E aí entra a metalinguagem, já que Robert é o retrato de ninguém mais se não Campos. Assim como o diretor que lhe dá vida, o garoto opta por uma câmera que foge dos ângulos óbvios e uma edição distante do lugar-comum, culminando em um filme ao mesmo tempo singelo e político, pois mostra como muitas vezes as lágrimas e depoimentos emocionados são previamente ensaiados.

A visão de Robert sobre as gêmeas é rechaçada. “Nem tem música”, protesta o professor (ou diretor da escola, enfim, o produtor/estúdio do vídeo), que manda reeditar tudo. Resulta da mesma maneira que um filme qualquer sobre as vítimas do WTC: piegas e irrelevante. Tudo o que Depois da escola não é.

Quando: 30/10, quinta-feira, 21:50
Onde: CineSesc (32ª Mostra Internacional de Cinema)
Mais info: http://www.mostra.org/32/exib_filme.php?filme=40

Não é mais 1992 (mas parece)

"Não estamos mais em 1992", gritou Mark Arm, vocalista do Mudhoney, sexta passada (17/10) na Clash, após dezenas de moshs terminarem em quedas no extenso vão entre o público e o palco (um pé sobrou nos meu óculos, uma lente quebrou, mas quem se importa?).

Não é mais 1992, mas algum incauto bem que poderia confundir a São Paulo atual com a Seattle da época do grunge. Se não vejamos: tivemos nos últimos tempos shows dos Melvins, do Mudhoney, Stone Temple Pilots anunciado e depois cancelado e vem aí The Vaselines, que não é da chuvosa cidade americana (quase, são da Escócia), mas uma das bandas prediletas de Kurt Cobain, que fez questão de gravar diversas covers da banda, como Son of a Gun e Molly's Lips.

O show do Mudhoney (terceiro que vejo, só perdi quando abriram para o Pearl Jam) é de uma intensidade absurda, catártico mesmo. Não só em Touch me I'm sick, mas durante todas as músicas o público enlouquece. When tomorrow hits, Who you drivin' now, Good Enough, Hate the police (não necessariamente nesta mesma ordem), estavam todas lá. Faltou Into the drink. Mas tudo bem. Eles voltam.

quarta-feira, 15 de outubro de 2008

Calvin e Haroldo, clique na figura para aumentar




Now I wanna sniff some glue

Para quem já andou pelo centro de São Paulo, não devem chocar as cenas de “A Vendedora de Rosas”. Cenas de crianças cheirando cola tomam quase que a totalidade do filme, de roteiro piegas e direção beirando o apelativo. Se a intenção era denunciar a realidade de crianças de rua colombianas (país de origem do filme) ou, em última instância, latino-americanas, alguém deveria avisar o diretor Victor Gaviria de que, apenas para usar um clichê, assim como o amontoado de que ele se utiliza, de boas intenções o inferno está cheio.

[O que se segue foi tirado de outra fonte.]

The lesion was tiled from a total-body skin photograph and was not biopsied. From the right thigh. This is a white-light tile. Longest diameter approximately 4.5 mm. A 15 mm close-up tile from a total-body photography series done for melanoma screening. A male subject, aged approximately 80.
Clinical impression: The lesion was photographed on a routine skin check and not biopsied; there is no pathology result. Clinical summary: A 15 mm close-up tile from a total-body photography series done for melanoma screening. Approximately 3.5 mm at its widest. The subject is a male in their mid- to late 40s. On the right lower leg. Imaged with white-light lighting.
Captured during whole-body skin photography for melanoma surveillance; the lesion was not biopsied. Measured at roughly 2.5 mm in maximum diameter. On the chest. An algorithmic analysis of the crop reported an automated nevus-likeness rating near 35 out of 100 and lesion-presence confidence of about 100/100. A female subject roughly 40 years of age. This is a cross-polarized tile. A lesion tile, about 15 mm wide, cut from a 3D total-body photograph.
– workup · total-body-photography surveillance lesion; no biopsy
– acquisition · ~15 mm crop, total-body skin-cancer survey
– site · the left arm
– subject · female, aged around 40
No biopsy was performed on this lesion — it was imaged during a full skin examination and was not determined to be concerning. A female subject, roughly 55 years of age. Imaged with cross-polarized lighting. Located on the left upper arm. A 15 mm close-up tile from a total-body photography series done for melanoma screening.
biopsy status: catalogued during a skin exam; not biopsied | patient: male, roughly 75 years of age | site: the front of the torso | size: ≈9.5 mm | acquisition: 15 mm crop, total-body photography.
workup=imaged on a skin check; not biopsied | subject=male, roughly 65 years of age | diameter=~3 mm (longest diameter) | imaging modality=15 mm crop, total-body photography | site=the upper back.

Heroin, its my wife and its my life...

“O Desespero de Veronika Voss”, de Rainer Werner Fassbinder, presta tributo a “Crepúsculo dos Deuses”, de Billy Wilder. Mas não fica só nisso, com a história de uma atriz de cinema decadente que hoje vive em um hospício, onde alimenta seu vício por morfina. Até que um jornalista cruza seu caminho e descobre que o buraco em que a atriz se enfiou é mais embaixo. Com movimentos de câmera que por diversas vezes prendem e enclausuram seus personagens, Fassbinder nos dá a medida certa da angústia deste mundo, não só o das drogas, mas de um mundo que coloca o dinheiro acima mesmo da vida humana.

Sobre café e cigarros

“O Natimorto – Um Musical Silencioso” surpreende pela leveza. Em se tratando de um texto de Lourenço Mutarelli, autor conhecido por obras que beiram o surreal, adaptado por Mário Bortolotto, dramaturgo que costuma retratar personagens deslocados e perdedores, a peça atinge um grau cômico inesperado. Talvez tenha sido a saída perfeita para abordar a história de um obcecado pelos avisos antifumo das caixas de cigarro, que decide se isolar em um quarto de hotel juntamente com uma cantora cuja voz, de tão pura, somente ele consegue ouvir. O tom é claramente autobiográfico e o final não deixa margem alguma para uma visão otimista da sociedade. O Ministério da Saúde adverte: viver é muito perigoso.